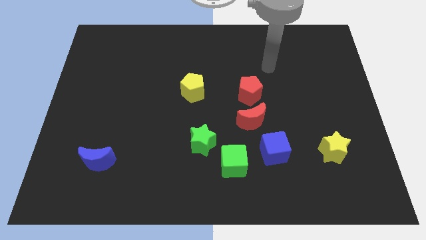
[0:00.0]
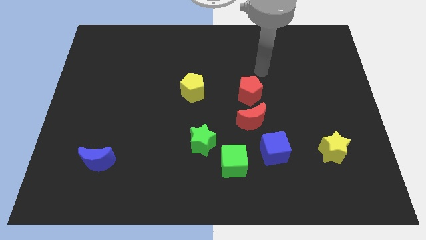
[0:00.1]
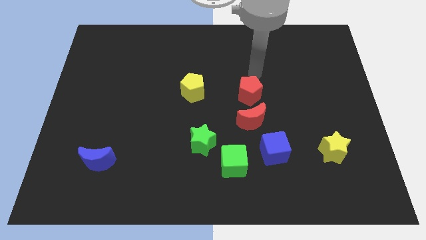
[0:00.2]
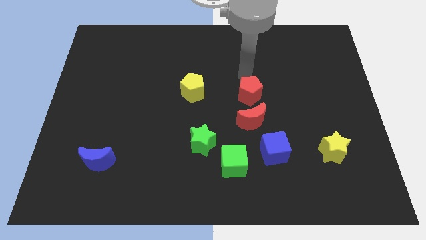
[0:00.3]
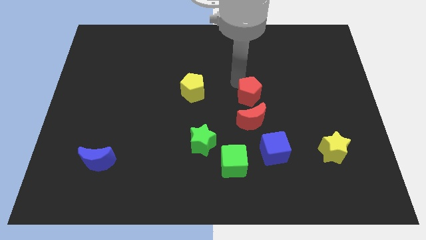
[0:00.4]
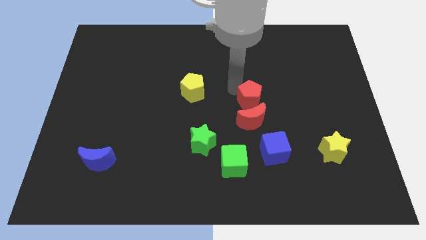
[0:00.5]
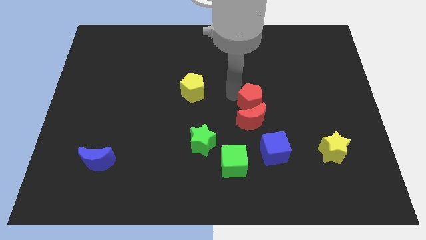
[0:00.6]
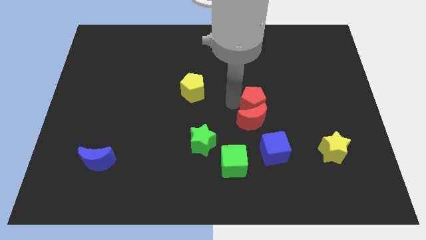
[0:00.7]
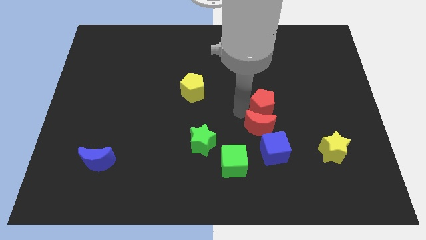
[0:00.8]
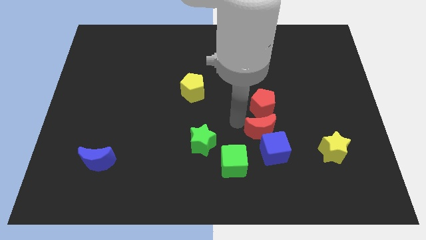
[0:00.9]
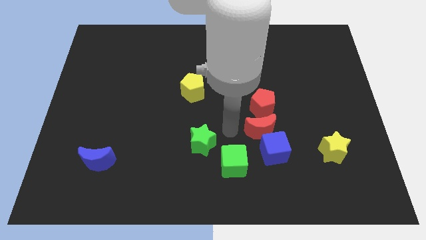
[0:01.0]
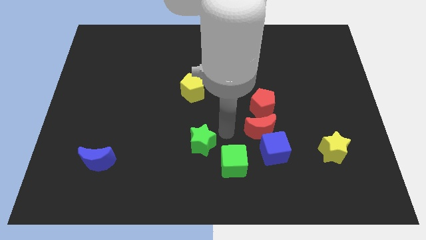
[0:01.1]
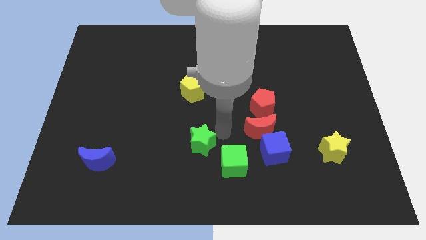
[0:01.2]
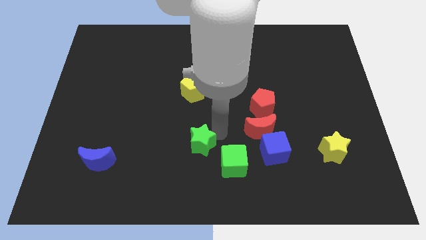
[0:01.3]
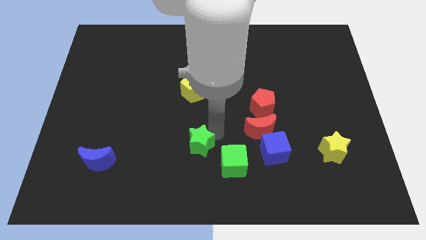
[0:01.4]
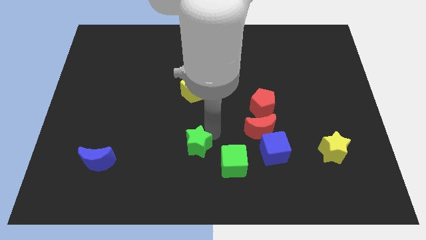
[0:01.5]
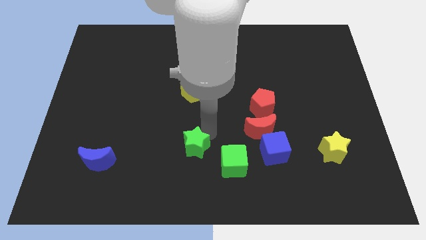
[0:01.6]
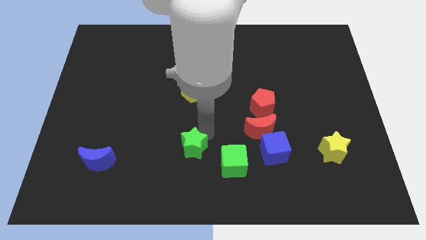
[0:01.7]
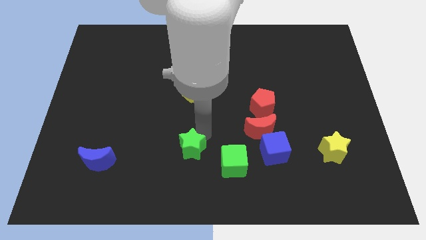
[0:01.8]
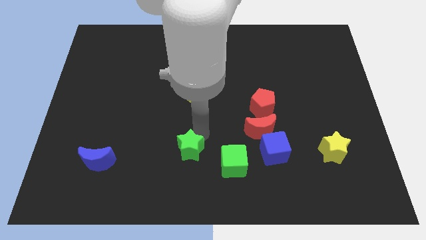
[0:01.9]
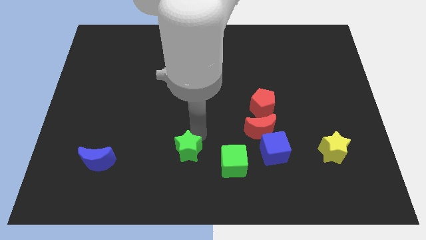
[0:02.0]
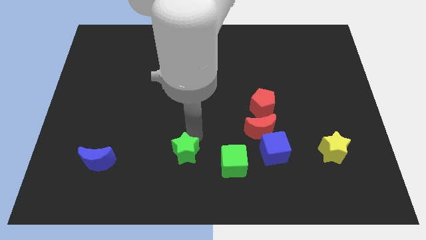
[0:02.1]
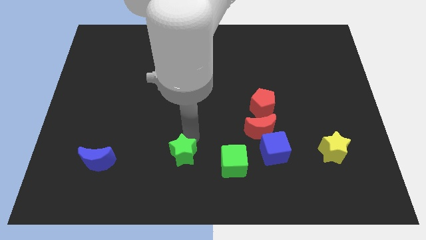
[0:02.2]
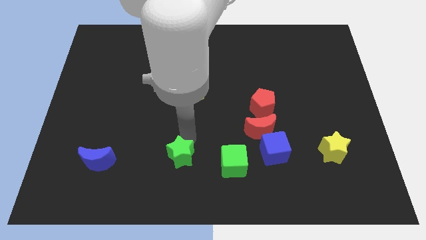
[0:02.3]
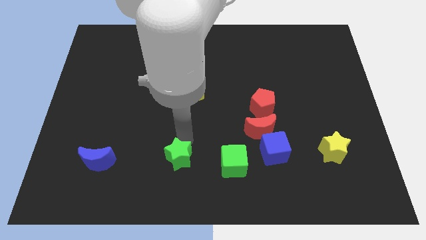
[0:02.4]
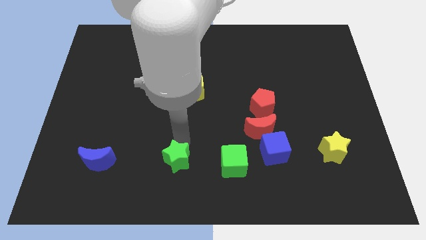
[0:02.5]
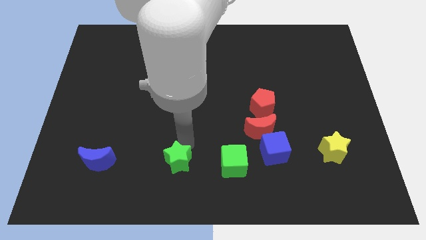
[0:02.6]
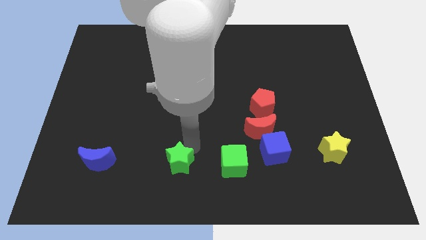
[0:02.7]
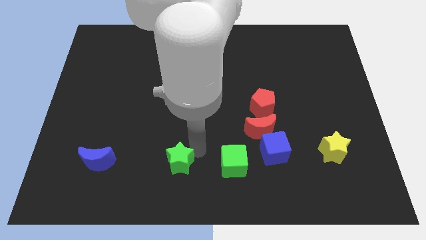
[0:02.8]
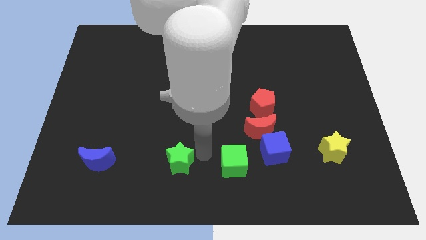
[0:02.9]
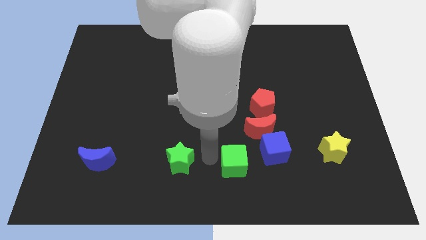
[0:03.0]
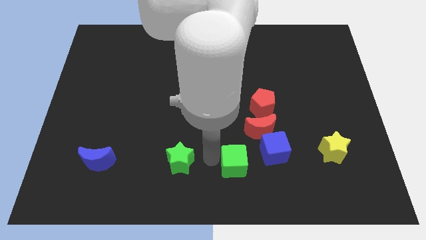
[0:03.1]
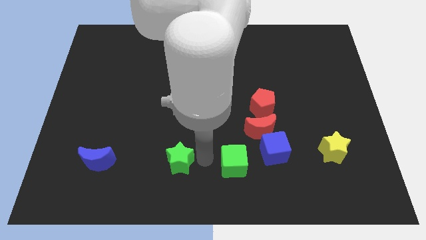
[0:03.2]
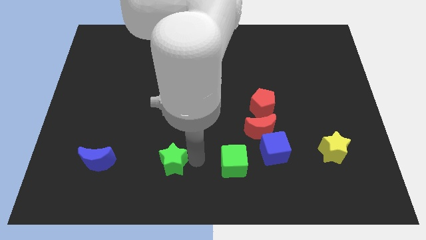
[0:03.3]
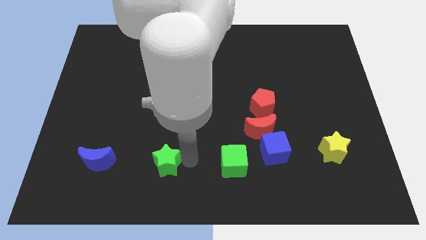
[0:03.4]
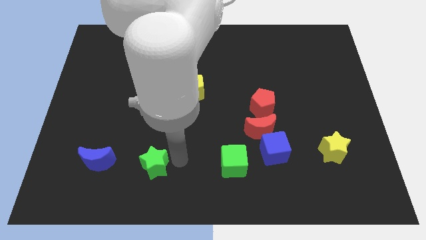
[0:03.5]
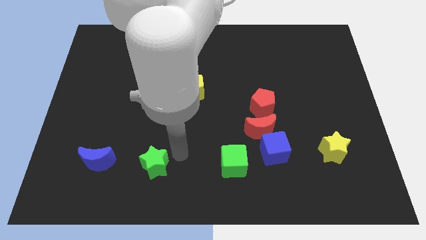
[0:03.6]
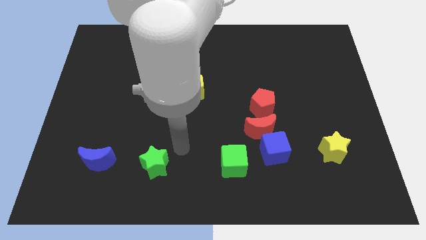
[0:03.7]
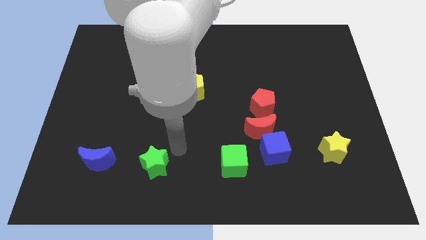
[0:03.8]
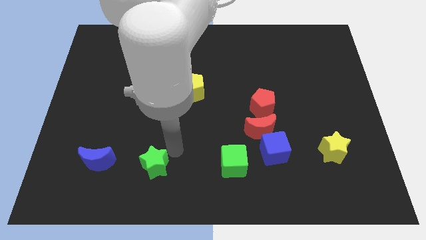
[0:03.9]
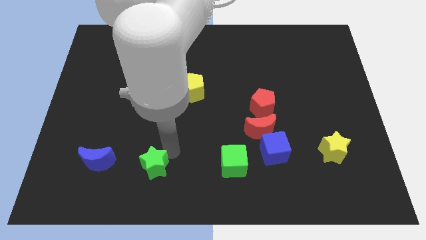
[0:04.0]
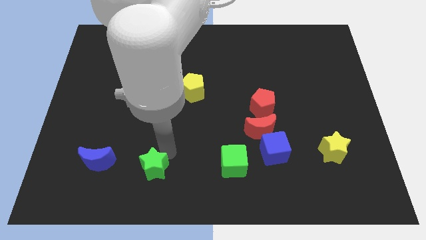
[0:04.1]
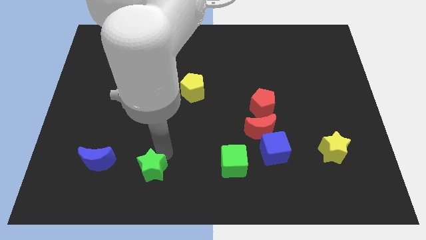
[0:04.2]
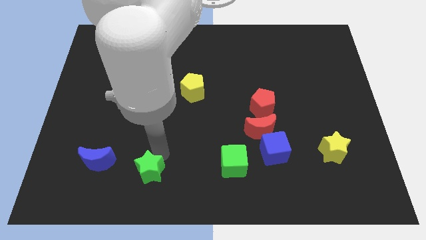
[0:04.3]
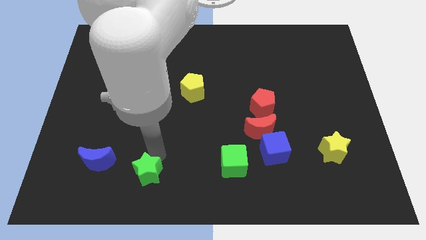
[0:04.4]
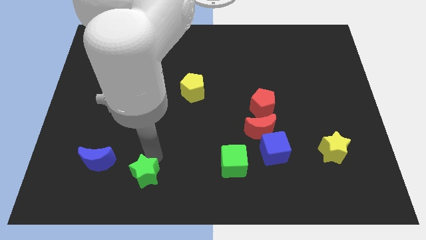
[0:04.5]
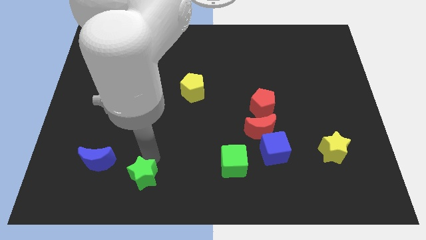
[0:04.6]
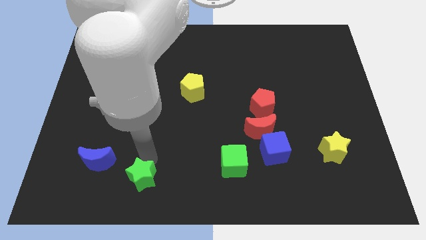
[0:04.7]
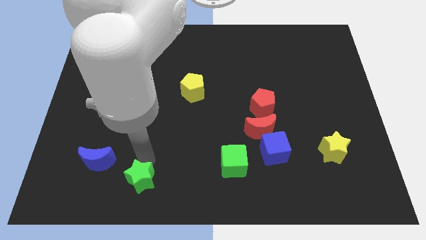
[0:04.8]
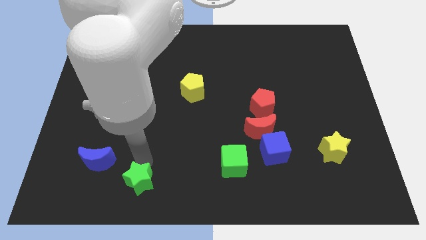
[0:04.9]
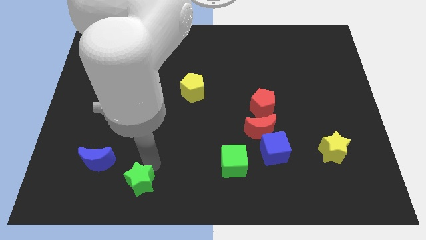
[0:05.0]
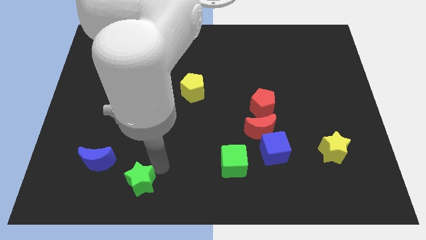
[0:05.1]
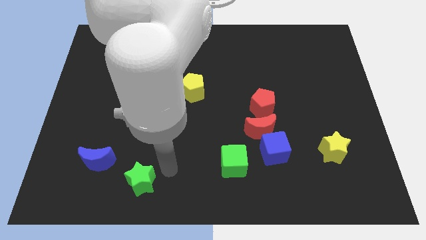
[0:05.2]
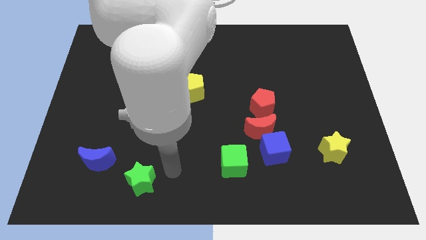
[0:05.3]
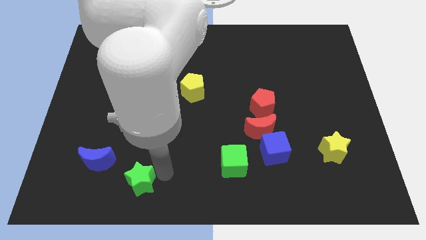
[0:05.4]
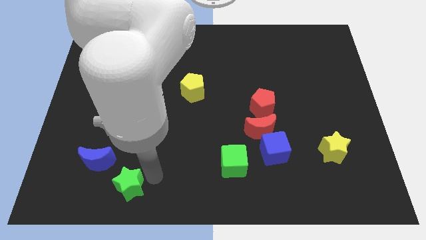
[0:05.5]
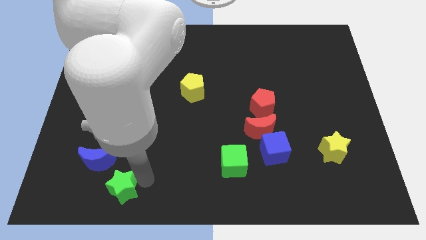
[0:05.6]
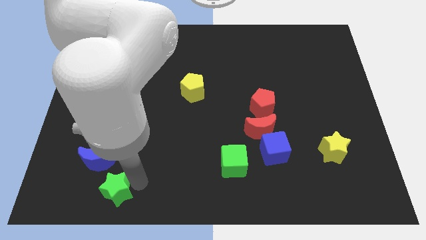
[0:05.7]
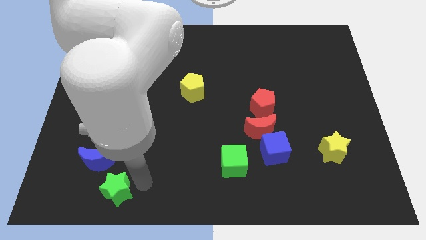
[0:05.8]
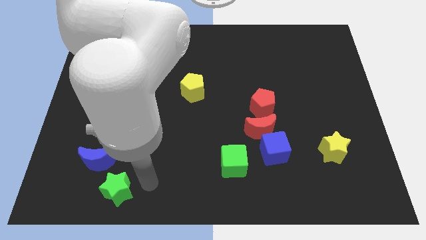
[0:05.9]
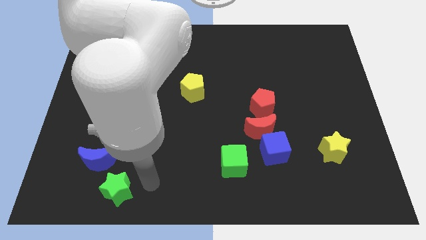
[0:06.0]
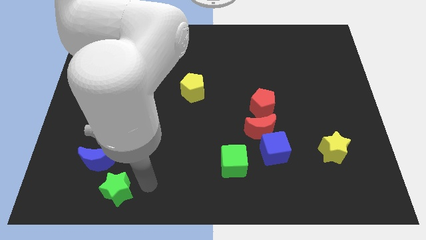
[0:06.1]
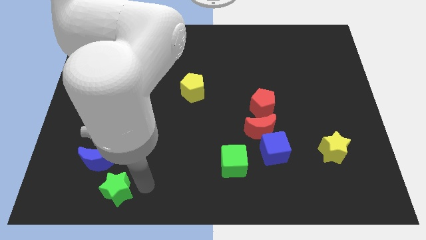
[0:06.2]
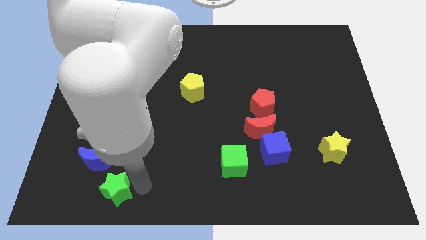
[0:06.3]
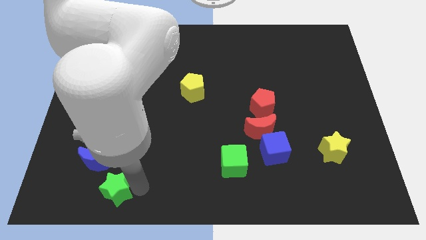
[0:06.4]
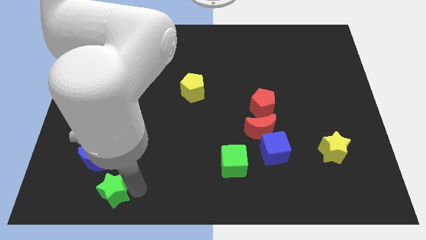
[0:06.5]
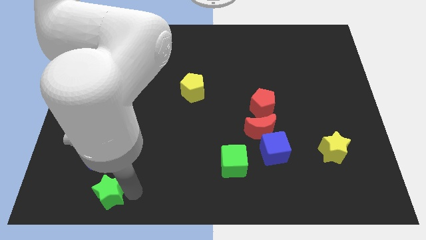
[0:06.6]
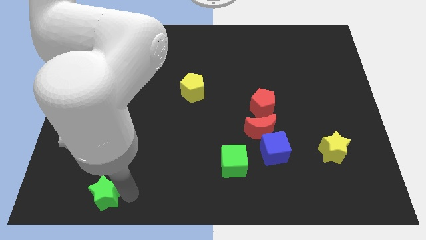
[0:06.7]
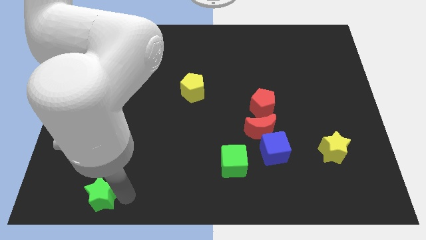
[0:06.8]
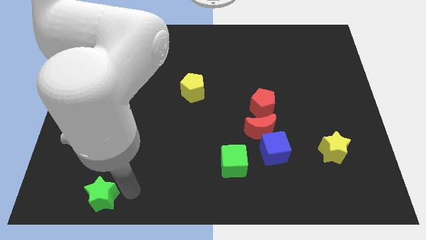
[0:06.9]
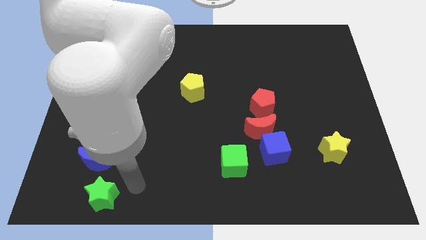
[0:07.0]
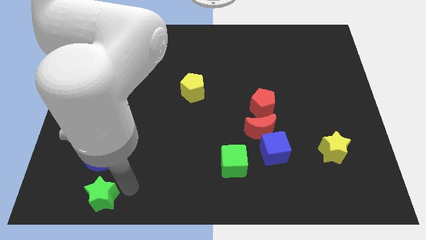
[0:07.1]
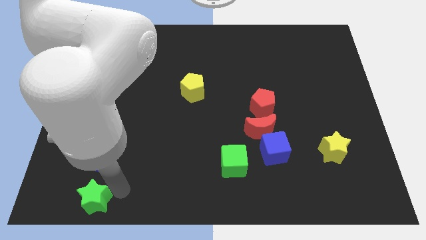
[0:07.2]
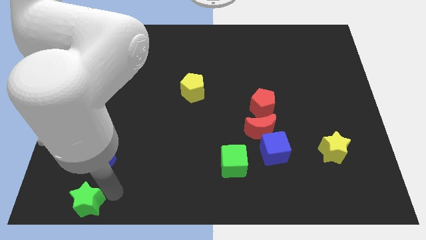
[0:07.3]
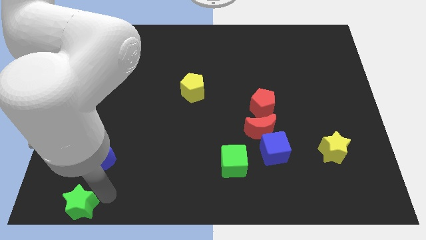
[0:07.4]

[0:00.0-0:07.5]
put the green star to the lower left corner

WORK TASK:
Your answer should be an exact copy of the entries above, with no images included.

EXPECTED ANSWER:
[0:00.0]
[0:00.1]
[0:00.2]
[0:00.3]
[0:00.4]
[0:00.5]
[0:00.6]
[0:00.7]
[0:00.8]
[0:00.9]
[0:01.0]
[0:01.1]
[0:01.2]
[0:01.3]
[0:01.4]
[0:01.5]
[0:01.6]
[0:01.7]
[0:01.8]
[0:01.9]
[0:02.0]
[0:02.1]
[0:02.2]
[0:02.3]
[0:02.4]
[0:02.5]
[0:02.6]
[0:02.7]
[0:02.8]
[0:02.9]
[0:03.0]
[0:03.1]
[0:03.2]
[0:03.3]
[0:03.4]
[0:03.5]
[0:03.6]
[0:03.7]
[0:03.8]
[0:03.9]
[0:04.0]
[0:04.1]
[0:04.2]
[0:04.3]
[0:04.4]
[0:04.5]
[0:04.6]
[0:04.7]
[0:04.8]
[0:04.9]
[0:05.0]
[0:05.1]
[0:05.2]
[0:05.3]
[0:05.4]
[0:05.5]
[0:05.6]
[0:05.7]
[0:05.8]
[0:05.9]
[0:06.0]
[0:06.1]
[0:06.2]
[0:06.3]
[0:06.4]
[0:06.5]
[0:06.6]
[0:06.7]
[0:06.8]
[0:06.9]
[0:07.0]
[0:07.1]
[0:07.2]
[0:07.3]
[0:07.4]

[0:00.0-0:07.5]
put the green star to the lower left corner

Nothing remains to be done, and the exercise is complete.